Ingredients (I froze all of this together):
- 2 chicken breasts
- 1 cup chopped onion
- 1.5 cups chopped carrots
- 1.5 cups chopped celery
- 4 cups chicken broth
- 1 can cream of mushroom soup (I use Trader Joe’s brand, which comes in a box)
- 2 tsp poultry seasoning
Ok, who am I kidding, I have no idea how much of each thing I really put in there…you can just dump in however much you want and it will turn out great. I promise. (Well, maybe be judicious about the poultry seasoning, unless you like exceeding the RDA for sodium.
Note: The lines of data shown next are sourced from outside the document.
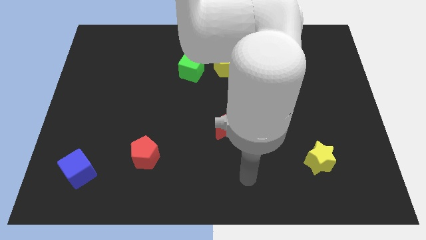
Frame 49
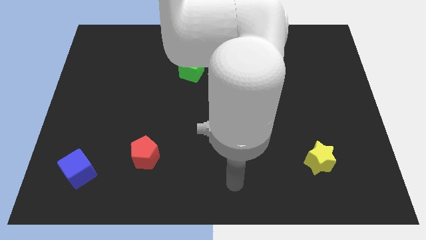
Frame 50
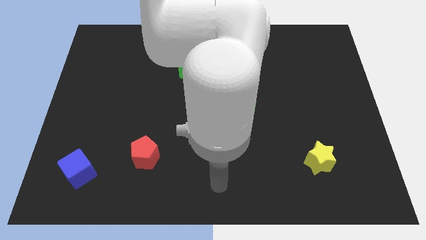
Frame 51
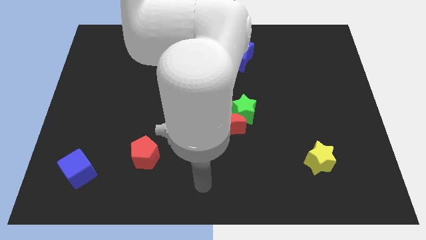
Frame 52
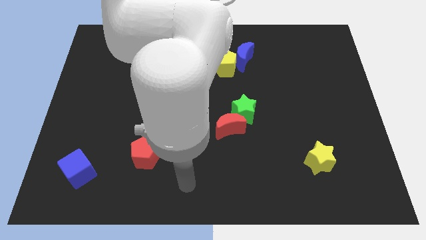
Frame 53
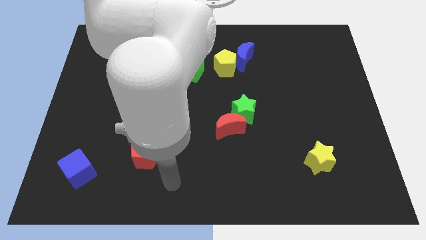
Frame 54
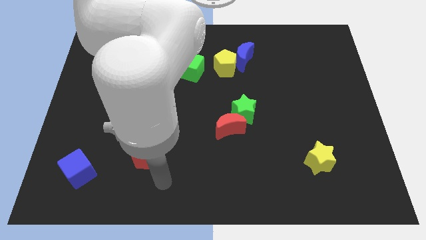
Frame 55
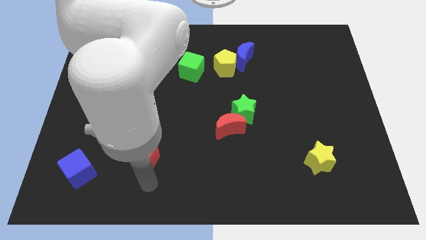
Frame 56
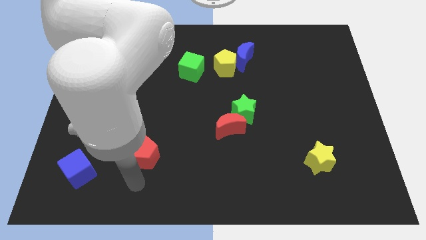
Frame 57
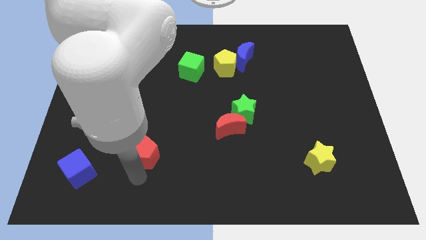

Then by all means. )
2.) Dump out
3.) Cook on low in slow cooker, 6-8 hours or until chicken shreds easily
Fancy stuff, right?
(Note: I was concerned about how the vegetables would cook after being frozen, since veggies are high in water content, but they came out just fine!)
And there you have it. I really should have added this to my Ugly Cooking series. That said, it was yummy, hearty, and even the toddler liked it! Next week, I promise I’ll have my act together more…I actually know what I put in the other meals!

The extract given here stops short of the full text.